When people talk about not using a database, they either have a completely static site (i.e. no content management, or some rickety direct-editing system working directly on the files) or they’re building their own data store using files.
Using files as a data store isn’t a new idea. In fact, it’s the original idea – the traditional way of solving the problem. It sounds like an attractive idea – back to basics, no need for a database, just writing and reading from a simple file structure. It can work well, of course, but it has major limitations. Reading and writing is easy, but operations like searching, sorting and filtering data (e.g. show me all articles in category x ordered by date) quickly become complex. You can do it, but as it has to be done in your high-level scripting language (PHP) where operations like sorting and filtering are computationally expensive and therefore slow. On shared hosting, CPU is limited and disk access is often slow, so reading and searching your data files be painful. The solution is to then add an additional layer of cached results for common lookups. To help with searching, you construct an index file like a table of contents, showing your code where everything lives.
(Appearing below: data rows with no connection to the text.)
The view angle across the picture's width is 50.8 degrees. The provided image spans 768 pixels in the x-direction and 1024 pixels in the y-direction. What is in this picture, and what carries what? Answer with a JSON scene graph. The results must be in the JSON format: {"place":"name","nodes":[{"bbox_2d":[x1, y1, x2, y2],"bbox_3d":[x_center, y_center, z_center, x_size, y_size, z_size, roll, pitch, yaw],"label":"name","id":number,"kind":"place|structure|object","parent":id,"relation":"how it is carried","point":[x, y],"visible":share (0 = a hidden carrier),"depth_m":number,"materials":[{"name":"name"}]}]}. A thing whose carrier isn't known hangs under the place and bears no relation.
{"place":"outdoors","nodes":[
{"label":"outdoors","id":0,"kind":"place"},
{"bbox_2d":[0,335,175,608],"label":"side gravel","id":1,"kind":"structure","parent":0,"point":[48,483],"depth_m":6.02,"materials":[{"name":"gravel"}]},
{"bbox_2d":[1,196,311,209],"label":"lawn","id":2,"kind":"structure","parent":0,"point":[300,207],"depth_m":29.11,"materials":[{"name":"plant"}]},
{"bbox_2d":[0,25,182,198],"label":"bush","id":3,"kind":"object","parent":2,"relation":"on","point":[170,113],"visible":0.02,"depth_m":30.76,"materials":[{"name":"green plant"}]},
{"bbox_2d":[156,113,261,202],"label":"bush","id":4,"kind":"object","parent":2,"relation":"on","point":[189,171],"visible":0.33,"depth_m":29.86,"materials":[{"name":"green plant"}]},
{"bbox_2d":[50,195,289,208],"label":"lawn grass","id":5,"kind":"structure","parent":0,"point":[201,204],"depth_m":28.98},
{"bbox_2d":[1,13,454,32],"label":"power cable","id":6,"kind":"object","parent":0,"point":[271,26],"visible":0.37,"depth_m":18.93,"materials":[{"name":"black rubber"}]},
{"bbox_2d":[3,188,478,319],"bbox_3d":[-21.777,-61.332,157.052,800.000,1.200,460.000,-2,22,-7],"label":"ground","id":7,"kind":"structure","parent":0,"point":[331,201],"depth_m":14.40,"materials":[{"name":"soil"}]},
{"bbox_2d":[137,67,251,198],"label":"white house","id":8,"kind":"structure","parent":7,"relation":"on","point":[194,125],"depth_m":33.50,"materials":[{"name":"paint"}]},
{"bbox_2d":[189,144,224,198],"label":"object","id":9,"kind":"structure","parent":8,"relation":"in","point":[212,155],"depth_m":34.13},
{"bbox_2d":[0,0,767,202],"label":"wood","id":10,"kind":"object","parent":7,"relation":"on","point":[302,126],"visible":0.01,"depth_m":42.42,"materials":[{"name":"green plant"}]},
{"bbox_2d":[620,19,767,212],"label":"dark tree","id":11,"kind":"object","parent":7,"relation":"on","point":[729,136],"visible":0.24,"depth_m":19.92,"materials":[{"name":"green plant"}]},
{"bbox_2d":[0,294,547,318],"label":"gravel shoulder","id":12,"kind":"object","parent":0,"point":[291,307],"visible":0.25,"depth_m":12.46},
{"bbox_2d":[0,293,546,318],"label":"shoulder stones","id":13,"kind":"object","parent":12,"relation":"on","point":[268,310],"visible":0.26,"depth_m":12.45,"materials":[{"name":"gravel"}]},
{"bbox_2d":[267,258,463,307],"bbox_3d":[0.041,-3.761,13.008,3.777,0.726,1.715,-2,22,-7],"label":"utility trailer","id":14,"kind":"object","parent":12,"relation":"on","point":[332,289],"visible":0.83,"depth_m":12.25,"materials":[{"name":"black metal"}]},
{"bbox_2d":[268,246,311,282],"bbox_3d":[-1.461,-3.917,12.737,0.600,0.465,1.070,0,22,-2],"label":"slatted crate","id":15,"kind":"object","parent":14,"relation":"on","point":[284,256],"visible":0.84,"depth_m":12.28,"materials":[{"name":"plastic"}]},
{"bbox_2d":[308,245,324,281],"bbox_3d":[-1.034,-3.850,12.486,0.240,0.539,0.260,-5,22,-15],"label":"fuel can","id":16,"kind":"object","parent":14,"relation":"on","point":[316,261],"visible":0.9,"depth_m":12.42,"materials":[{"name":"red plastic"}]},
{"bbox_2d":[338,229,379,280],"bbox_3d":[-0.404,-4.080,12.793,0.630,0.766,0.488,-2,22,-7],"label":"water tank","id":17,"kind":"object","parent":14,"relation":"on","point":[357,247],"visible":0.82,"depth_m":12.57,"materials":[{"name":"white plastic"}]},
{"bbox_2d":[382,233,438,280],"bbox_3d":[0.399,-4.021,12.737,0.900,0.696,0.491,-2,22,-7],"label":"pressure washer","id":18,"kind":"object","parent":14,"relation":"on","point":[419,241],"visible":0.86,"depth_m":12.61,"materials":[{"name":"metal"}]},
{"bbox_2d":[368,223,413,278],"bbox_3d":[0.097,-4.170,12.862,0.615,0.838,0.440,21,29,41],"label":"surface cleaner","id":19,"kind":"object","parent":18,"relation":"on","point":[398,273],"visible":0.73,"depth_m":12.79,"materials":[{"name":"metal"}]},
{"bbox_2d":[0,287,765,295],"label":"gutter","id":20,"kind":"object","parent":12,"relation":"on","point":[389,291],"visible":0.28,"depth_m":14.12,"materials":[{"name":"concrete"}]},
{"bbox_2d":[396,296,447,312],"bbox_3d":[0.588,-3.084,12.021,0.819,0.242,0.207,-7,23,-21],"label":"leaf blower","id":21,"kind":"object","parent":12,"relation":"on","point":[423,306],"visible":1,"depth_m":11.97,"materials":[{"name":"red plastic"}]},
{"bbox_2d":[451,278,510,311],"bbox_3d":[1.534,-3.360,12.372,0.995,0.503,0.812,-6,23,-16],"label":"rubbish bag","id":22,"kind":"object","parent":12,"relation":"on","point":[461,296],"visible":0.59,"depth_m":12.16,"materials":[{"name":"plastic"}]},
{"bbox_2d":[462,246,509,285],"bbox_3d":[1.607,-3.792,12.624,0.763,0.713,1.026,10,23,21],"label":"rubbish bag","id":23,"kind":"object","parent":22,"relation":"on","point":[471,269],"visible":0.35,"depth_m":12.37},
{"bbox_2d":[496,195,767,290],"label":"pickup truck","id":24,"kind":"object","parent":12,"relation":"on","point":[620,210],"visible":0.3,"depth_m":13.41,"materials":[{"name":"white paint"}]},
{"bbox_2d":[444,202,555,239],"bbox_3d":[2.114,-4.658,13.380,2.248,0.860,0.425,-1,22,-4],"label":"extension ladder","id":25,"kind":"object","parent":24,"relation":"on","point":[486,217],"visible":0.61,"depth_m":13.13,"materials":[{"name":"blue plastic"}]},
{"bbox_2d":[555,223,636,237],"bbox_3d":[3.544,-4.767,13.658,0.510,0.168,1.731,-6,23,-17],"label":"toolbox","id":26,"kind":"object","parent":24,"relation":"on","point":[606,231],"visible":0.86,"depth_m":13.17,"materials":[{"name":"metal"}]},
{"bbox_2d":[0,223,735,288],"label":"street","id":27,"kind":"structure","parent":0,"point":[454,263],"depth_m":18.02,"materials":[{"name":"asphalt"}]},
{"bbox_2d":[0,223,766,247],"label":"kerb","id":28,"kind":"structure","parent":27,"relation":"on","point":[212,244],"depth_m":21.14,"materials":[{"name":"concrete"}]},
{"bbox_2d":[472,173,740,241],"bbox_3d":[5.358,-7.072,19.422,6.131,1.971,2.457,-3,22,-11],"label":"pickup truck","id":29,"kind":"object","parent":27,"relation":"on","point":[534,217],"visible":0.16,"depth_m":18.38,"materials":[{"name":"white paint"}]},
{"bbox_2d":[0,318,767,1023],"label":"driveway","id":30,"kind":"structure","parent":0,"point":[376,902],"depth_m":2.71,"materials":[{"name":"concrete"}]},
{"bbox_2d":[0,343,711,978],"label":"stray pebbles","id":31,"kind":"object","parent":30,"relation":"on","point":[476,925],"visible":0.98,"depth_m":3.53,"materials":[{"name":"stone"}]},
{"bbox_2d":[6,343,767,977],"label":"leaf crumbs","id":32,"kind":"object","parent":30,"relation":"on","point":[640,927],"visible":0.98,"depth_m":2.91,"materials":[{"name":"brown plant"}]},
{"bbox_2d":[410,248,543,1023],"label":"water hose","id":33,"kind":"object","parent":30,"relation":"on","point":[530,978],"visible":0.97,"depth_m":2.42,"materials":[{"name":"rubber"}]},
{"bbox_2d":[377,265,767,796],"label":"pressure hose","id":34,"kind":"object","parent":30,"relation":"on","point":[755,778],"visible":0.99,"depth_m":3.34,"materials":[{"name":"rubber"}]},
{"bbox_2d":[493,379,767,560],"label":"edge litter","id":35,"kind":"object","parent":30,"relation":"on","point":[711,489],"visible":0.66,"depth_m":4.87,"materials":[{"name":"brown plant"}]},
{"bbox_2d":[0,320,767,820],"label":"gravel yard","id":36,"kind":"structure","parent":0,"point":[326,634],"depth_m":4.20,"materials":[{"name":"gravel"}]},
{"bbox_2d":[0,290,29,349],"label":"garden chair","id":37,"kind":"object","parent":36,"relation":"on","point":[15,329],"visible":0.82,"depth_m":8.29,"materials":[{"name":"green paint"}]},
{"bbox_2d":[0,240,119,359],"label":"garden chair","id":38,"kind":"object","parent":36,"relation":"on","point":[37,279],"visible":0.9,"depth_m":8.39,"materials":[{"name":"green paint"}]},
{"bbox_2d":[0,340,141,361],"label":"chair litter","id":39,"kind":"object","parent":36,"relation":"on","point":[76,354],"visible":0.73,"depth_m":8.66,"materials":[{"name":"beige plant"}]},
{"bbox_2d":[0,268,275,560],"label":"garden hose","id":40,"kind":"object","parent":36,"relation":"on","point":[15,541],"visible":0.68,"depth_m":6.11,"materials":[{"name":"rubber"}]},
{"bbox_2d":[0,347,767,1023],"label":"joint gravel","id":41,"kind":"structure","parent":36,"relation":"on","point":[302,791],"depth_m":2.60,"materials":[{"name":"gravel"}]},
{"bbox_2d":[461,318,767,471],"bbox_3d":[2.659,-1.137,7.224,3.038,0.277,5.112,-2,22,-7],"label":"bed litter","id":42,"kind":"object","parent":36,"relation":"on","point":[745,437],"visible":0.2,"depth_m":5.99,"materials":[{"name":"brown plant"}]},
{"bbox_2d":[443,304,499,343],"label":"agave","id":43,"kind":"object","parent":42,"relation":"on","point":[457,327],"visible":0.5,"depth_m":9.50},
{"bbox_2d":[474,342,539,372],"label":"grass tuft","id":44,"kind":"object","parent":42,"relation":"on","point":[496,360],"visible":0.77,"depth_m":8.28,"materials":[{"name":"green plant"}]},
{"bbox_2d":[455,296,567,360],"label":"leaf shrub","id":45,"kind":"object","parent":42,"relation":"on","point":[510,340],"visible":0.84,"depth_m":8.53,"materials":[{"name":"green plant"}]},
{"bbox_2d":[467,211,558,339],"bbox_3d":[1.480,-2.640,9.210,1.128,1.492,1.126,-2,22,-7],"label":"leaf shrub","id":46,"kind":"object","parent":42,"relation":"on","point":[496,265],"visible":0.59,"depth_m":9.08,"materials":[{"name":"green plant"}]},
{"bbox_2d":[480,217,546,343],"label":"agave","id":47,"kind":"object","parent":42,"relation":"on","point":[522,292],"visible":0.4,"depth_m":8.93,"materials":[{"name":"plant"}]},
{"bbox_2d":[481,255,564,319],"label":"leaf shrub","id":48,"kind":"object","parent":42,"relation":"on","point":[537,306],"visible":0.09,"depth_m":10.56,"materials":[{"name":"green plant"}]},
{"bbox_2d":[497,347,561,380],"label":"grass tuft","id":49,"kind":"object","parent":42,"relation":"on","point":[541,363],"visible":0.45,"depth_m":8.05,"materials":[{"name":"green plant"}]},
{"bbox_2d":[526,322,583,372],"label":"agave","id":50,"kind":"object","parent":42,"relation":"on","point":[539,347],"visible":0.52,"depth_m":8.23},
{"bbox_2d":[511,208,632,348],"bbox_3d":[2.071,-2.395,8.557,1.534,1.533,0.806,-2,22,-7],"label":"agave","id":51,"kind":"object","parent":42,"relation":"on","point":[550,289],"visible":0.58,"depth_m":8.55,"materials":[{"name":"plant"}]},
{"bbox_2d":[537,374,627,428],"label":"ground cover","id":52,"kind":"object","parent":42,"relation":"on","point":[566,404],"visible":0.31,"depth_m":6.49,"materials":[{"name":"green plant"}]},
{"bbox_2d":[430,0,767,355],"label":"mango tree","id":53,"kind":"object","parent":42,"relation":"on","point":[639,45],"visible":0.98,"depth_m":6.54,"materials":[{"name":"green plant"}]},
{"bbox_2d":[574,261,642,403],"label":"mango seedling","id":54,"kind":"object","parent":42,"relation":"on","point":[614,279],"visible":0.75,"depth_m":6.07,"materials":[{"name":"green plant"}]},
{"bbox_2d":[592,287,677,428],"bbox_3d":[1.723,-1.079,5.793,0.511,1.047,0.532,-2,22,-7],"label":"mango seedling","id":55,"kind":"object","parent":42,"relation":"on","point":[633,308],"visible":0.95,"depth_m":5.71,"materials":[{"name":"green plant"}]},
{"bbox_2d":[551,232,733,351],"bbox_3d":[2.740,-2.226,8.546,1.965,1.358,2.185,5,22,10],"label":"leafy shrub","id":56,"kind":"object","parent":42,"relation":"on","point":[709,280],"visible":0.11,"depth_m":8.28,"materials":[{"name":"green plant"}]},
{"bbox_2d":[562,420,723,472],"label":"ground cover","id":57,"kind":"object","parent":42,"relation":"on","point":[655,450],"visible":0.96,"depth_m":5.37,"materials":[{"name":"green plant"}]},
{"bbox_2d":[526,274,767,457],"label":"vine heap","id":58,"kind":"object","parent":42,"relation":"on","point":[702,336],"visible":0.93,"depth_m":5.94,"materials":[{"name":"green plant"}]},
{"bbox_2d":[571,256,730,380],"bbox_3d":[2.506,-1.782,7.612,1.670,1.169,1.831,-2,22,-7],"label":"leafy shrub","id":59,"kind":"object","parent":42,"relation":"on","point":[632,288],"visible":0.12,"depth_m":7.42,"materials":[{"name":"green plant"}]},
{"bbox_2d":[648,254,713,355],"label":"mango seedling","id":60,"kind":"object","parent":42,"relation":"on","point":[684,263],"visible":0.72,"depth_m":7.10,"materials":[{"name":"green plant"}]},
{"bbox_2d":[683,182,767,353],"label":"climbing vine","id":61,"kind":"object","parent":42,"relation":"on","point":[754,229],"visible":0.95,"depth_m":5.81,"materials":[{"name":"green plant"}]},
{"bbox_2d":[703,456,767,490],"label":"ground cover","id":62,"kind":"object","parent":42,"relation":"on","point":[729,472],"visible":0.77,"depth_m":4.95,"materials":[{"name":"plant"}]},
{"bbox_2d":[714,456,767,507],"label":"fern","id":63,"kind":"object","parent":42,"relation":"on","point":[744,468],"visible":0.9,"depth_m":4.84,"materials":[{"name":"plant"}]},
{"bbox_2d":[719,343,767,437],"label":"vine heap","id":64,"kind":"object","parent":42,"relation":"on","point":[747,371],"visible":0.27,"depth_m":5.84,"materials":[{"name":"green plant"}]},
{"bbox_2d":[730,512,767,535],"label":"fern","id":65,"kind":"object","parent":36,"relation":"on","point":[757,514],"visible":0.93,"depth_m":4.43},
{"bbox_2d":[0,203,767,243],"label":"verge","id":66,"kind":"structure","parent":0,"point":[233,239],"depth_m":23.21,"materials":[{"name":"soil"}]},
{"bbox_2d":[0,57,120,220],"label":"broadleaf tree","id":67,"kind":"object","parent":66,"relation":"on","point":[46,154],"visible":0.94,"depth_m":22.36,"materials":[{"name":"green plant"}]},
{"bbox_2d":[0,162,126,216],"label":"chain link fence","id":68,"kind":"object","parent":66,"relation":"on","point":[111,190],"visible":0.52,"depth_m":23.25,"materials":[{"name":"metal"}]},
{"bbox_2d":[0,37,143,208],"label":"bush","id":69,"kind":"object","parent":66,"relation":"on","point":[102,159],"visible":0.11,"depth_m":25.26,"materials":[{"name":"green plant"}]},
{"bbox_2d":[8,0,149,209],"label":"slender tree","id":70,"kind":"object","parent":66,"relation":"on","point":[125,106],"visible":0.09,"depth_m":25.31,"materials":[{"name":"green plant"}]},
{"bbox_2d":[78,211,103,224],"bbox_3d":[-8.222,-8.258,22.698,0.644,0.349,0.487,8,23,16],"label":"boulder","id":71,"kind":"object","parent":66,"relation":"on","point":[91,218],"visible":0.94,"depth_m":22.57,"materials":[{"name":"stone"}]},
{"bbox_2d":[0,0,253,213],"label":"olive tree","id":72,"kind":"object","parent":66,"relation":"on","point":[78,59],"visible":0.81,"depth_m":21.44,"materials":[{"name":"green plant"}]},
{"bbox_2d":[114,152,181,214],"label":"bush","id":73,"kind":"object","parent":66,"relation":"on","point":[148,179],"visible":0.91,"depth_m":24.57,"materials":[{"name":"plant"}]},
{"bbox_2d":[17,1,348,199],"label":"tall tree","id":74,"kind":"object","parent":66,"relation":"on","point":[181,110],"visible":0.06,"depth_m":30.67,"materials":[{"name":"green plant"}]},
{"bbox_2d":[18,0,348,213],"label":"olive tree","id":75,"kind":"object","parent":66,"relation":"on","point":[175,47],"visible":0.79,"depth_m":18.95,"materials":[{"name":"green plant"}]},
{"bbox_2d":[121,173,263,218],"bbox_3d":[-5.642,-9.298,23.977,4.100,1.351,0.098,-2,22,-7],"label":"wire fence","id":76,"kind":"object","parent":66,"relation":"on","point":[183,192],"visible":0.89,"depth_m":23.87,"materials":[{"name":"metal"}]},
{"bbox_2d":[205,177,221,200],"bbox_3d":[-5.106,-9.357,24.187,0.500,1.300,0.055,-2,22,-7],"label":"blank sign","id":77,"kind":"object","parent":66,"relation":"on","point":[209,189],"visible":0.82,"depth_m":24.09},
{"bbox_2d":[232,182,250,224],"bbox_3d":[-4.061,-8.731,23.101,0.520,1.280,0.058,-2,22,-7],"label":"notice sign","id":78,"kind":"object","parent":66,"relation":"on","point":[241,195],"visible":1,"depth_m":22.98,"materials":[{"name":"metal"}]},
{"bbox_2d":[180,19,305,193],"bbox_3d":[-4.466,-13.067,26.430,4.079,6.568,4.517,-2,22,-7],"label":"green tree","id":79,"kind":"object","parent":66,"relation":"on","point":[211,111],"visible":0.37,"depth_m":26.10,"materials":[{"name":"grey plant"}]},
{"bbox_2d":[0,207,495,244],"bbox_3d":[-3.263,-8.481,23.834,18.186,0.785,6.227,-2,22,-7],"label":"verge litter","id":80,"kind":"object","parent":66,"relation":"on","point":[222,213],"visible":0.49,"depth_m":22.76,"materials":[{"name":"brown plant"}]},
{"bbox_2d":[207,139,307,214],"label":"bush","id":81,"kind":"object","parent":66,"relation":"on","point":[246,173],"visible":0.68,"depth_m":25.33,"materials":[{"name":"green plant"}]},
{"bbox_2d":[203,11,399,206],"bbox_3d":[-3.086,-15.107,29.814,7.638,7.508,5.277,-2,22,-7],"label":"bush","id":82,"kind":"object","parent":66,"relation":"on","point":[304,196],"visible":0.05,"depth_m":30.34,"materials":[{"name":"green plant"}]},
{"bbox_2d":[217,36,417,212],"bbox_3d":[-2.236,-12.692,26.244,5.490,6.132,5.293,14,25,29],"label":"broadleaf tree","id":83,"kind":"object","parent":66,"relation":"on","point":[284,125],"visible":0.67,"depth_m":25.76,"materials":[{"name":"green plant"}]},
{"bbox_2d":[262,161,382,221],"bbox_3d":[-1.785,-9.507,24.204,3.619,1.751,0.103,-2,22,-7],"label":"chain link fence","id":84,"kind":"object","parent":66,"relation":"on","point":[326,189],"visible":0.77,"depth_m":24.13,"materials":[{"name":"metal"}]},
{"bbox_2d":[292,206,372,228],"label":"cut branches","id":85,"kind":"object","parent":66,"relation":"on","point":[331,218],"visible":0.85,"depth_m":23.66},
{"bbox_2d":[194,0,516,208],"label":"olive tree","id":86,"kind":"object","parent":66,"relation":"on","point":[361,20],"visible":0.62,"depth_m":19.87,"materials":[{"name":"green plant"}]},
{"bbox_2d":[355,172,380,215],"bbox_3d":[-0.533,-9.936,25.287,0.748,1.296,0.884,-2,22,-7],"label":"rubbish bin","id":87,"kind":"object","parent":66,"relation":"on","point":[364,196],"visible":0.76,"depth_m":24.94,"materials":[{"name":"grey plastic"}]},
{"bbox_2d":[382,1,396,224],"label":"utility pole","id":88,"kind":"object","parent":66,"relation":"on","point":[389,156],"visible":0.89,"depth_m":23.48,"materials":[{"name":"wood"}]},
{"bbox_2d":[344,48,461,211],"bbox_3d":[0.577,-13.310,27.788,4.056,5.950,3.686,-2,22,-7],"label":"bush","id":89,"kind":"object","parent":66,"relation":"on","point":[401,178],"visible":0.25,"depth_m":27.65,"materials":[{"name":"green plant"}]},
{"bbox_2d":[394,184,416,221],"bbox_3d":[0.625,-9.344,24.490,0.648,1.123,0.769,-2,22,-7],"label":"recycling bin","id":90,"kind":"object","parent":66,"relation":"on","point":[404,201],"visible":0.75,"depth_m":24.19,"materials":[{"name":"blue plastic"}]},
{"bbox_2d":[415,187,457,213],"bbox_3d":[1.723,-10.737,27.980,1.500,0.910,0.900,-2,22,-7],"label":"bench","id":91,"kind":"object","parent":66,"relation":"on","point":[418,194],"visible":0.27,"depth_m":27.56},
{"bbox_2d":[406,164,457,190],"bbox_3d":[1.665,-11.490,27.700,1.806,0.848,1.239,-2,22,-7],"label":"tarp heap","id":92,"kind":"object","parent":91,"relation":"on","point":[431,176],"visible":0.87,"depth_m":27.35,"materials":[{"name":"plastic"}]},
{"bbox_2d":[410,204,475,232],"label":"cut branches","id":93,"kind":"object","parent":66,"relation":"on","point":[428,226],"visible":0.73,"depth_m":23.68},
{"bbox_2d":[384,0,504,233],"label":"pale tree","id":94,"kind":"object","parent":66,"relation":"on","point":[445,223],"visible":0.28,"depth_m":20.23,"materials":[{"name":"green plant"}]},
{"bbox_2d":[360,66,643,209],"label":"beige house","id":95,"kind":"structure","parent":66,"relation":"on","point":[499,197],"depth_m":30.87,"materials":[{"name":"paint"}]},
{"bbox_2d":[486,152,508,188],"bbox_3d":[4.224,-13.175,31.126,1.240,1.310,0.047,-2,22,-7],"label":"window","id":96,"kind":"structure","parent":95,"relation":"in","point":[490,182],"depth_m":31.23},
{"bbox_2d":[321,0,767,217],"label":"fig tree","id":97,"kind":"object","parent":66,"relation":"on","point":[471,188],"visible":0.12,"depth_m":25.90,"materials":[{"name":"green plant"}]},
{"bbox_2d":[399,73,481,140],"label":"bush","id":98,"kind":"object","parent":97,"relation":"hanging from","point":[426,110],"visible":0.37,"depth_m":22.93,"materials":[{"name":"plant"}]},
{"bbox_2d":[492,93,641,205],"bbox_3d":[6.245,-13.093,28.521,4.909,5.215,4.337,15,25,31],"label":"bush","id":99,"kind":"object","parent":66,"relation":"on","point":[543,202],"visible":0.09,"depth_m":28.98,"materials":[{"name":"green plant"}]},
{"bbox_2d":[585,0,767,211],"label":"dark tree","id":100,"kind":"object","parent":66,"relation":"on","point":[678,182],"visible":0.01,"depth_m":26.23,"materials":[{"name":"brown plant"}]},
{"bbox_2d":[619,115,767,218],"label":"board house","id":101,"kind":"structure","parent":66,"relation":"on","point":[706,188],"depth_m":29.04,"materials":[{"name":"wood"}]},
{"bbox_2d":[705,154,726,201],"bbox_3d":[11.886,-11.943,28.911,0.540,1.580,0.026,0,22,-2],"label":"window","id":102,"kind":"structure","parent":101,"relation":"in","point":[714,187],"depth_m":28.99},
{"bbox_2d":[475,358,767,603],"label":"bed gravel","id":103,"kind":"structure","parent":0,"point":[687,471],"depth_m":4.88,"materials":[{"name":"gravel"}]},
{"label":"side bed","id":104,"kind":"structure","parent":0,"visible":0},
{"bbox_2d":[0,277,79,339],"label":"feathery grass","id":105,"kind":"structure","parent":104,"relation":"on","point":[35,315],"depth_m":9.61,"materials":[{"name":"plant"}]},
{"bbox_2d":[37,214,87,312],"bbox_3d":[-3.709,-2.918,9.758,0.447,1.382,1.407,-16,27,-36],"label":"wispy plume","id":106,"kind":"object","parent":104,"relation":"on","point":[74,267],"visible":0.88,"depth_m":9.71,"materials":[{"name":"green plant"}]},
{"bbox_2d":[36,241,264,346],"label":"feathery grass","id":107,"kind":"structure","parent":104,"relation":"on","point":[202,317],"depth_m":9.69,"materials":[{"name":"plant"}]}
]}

Things get more complex when you have multiple users editing content. Your code needs to know how to manage data across files when multiple people could be writing to those files at once. You have to introduce locking, and ways of dealing with that in your user interface.
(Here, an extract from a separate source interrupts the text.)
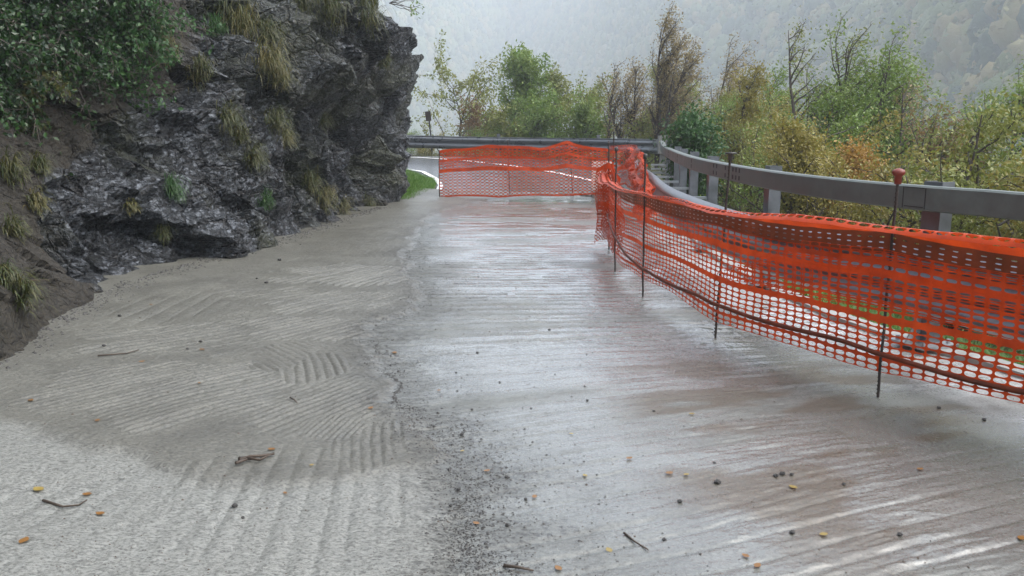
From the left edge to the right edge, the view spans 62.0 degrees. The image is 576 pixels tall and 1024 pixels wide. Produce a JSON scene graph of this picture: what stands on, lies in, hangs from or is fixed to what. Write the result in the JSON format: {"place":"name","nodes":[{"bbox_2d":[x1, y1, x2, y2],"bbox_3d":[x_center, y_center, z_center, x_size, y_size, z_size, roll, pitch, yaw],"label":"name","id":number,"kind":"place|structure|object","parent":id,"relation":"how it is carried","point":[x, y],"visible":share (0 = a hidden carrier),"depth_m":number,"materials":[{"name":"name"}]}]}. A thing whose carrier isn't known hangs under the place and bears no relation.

The alternative to writing all this extra code is to have a data store that is slow and unreliable, and frequently loses your data. As no one wants that, what you end up building is your own, computationally expensive, disk intensive, crappy version of MySQL. In PHP. With only some of the features, and lots of new bugs.
You see, these problems have already been solved. Established computer science has gone down the path of storing relational data in flat files, encountered the problems, solved them and given us relational databases like MySQL. Fast, efficient, mainly bug-free, and already running on your hosting. And for the task in hand, exceptionally fast, reliable and lightweight.
Now that is heavy
So if MySQL is actually lightweight compared to the alternative solutions, what things are expensive? Genuinely heavyweight traits to look out for when evaluating a system include ‘live’ processing of Markdown or Textile, on-demand image resizing, and any activity, like a flat file hobo-database that is disk-intensive. I plan to write some more about these in a separate post.
Databases are not hard to use, once you spend a moment understanding the key concepts. A little bit more configuration work up-front provides tonnes of benefits down the road.
If you need some sort of data store, MySQL is vastly more ‘lightweight’ than the alternative of trying to emulate what it does in an inefficient language like PHP. Plus MySQL is already running on your server, so just use it. It solves problems you won’t even have to bother knowing about.
One of our design goals with Perch is to make a small, but high quality CMS. It should be just as robust as a large system, and not some sort of toy. For us, that meant providing strong foundations by using a proper relational database (not flat files) building a proper control panel (not a flimsy edit-on-page charade) and building a simple system, not an over-simplified one.